Although some people worry that SSDs have a limited number of reads and writes, in reality we already know that a Solid State Drive’s read/write limit lasts an extremely long time under normal use. A limit of 700TB or more data in fact. Considering that Solid State drives usually come with a three to five year warranty, it means that manufacturers assume you will be writing 20GB-40GB of data per day. So to reach the 700TB limit, you would have to write 40GB worth of data every day for 17,500 days, or about 50 years. That doesn’t mean you can mistreat your drive, and it doesn’t mean SSDs won’t fail due to other issues, but if you’re worrying your SSD will die because your using it too much, don’t.
But in terms of data security, evidence of flash wear appeared after 200TB of writes for TechReport’s Solid State Drives, when their Samsung 840 Series started logging reallocated sectors. As the only TLC candidate in the bunch, this drive was expected to show the first cracks. The 840 Series didn’t encounter actual problems until 300TB, when it failed a hash check during the setup for an unpowered data retention test. The drive went on to pass that test and continue writing, but it recorded a rash of uncorrectable errors around the same time. Uncorrectable errors can compromise data integrity and system stability, so I’d recommend taking drives out of service the moment they appear.
Recalculating the limit until data becomes compromised at 300TB, an SSD like the Samsung 840 Series is theoretically reliable up to 21.4 years. Compare that to the fact that an HD drive is 50% likely to fail after 6 years.
Other things to consider
- Other sources indicate that SSDs tend to have a higher bit error rate than HDDs. In addition, those error rates increase with age, with usage having almost nothing to do with it. So, data integrity is an issue.
- If you write a lot of data to a drive 24/7, HDDs are generally more reliable. SSDs are pretty reliable now a days for consumers and some server applications, and you would normally replace your SSD by the time you hit its write limit (assuming average use). Do note that SSDs do lose data if left unpowered for prolonged periods of time (think a few years). They can lose data faster if the storage temps are abnormal. So, SSDs aren’t exactly ideal for prolonged cold storage.
So you can come to a conclusion that Solid State Drives, at least for mobile machines that will experience a significant amount of shock, is much more reliable than an Hard Disk Drive. But that doesn’t mean you should follow the rules for keeping your data safe: Back It Up!
General Rule for Backups
In consumer world precise statistics, failure modes and recovery chances aren’t really crucial parameters. What is actually important is that both can fail irrecoverably and without prior signals. If you want specifics – then SSD probably has higher risk of complete irrecoverable failure, while HDDs often can be restored at considerable expense.
So instead of relying on single part not failing you should use reasonable backup scheme, like the ever-so-popular 3-2-1:
- At least 3 copies of data.
- On at least 2 different mediums.
- At least one off-site.
First point ensures that you are protected against only moderately unlikely problem with both original and copy – and so that if one copy fails you still have peace of mind as your data is still backed up.

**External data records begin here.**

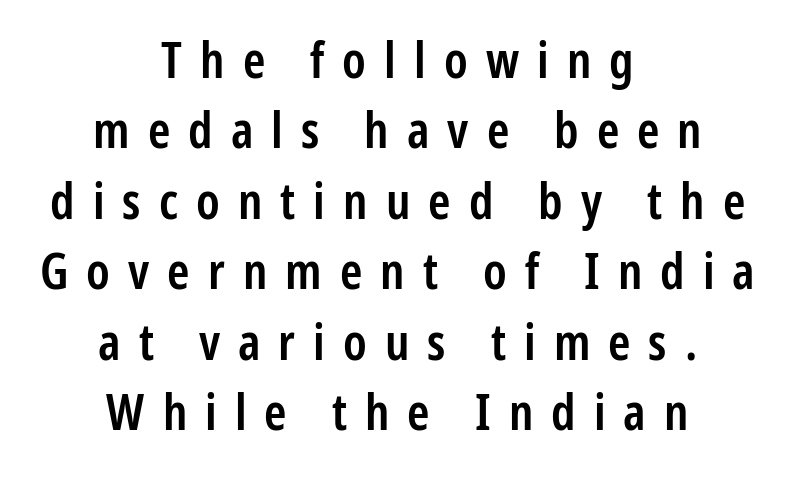
The image shows 50 px semibold, condensed sans-serif type, upright; set centered, normal line spacing (1.41x), unusually wide letter spacing (+0.36 em), not underlined; low stroke contrast and a medium x-height.
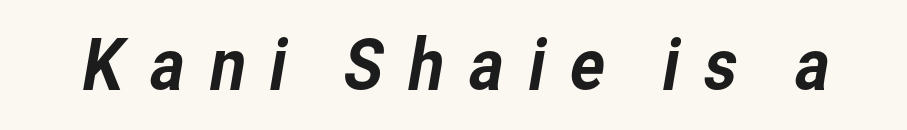
To sum up the face: it is a sans, with no serifs. Type without underlining. Each word looks stretched out because of the extra space between its letters. The rendering uses natural spacing where letterforms have individual widths.
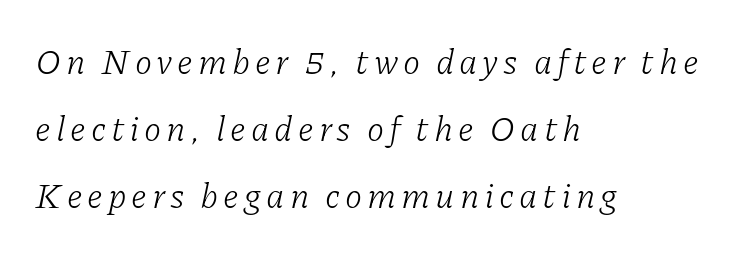
The letters advance in unequal steps, a hallmark of proportional type. Typeset ragged right — the left edge is the straight one. Unbolded letterforms with no extra heft. If you measured baseline to baseline, you'd find a long distance. Does the type have serifs? Yes, each stem ends in a small foot.
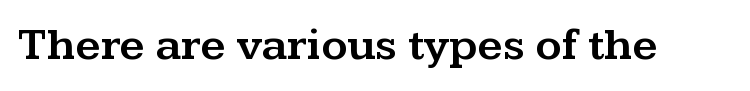
{"serif": "yes", "italic": "no", "width": "wide", "stroke_contrast": "medium", "x_height": "medium", "monospaced": "no", "underline": "no", "letter_spacing": "normal", "letter_spacing_em": 0.0, "glyph_px": 45}
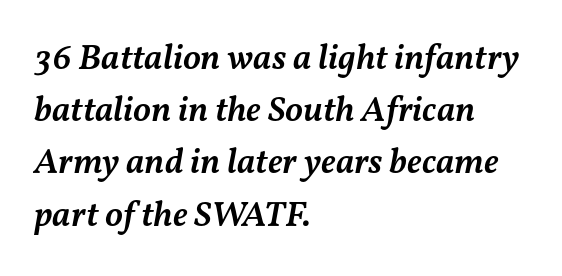
There's an unmistakable incline to the writing here. Note the varied advance widths — an 'i' is clearly narrower than an 'm'. Tracking value appears to be zero — textbook default spacing. Casual observation: everything's shoved over to the left. A somewhat darkened texture: the type is semibold rather than bold. Bare-footed words on every line.
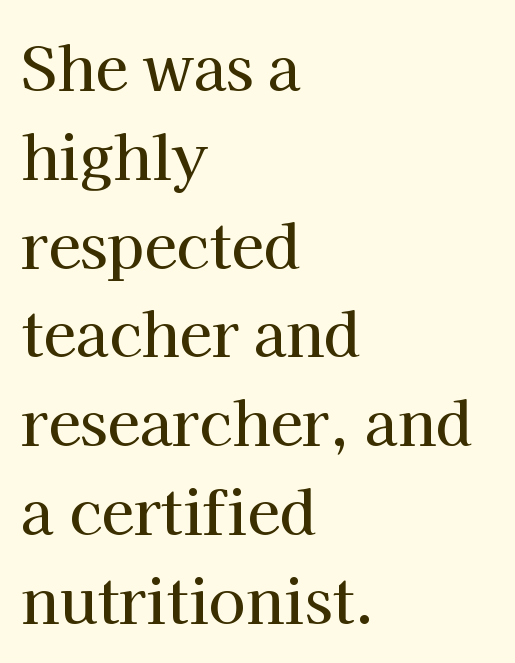
{"serif": "yes", "italic": "no", "width": "normal", "stroke_contrast": "high", "x_height": "medium", "monospaced": "no", "underline": "no", "align": "left", "line_spacing": "normal", "line_spacing_ratio": 1.48, "letter_spacing": "normal", "letter_spacing_em": 0.0, "glyph_px": 60}
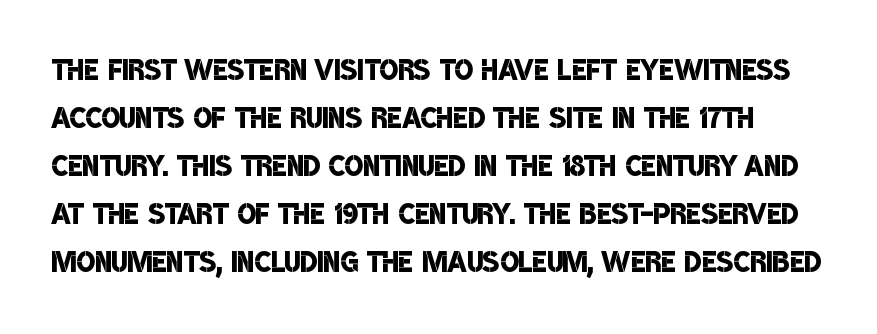
The image shows 39 px semibold, condensed sans-serif type; set line spacing 1.23x, normal letter spacing, not underlined; low stroke contrast and a large x-height.

Second point aims to protect you against mass failure affecting given storage type. For example a power surge killing all the hard drives in an NAS – but your disconnected external HDD copy is still fine.
Last point is basically disaster protection – so that your data is safe in case of fire, tornadoes, floods, earthquakes and so on.
This probably rightfully sounds like an overkill, but you have to weight how much your data is worth to you.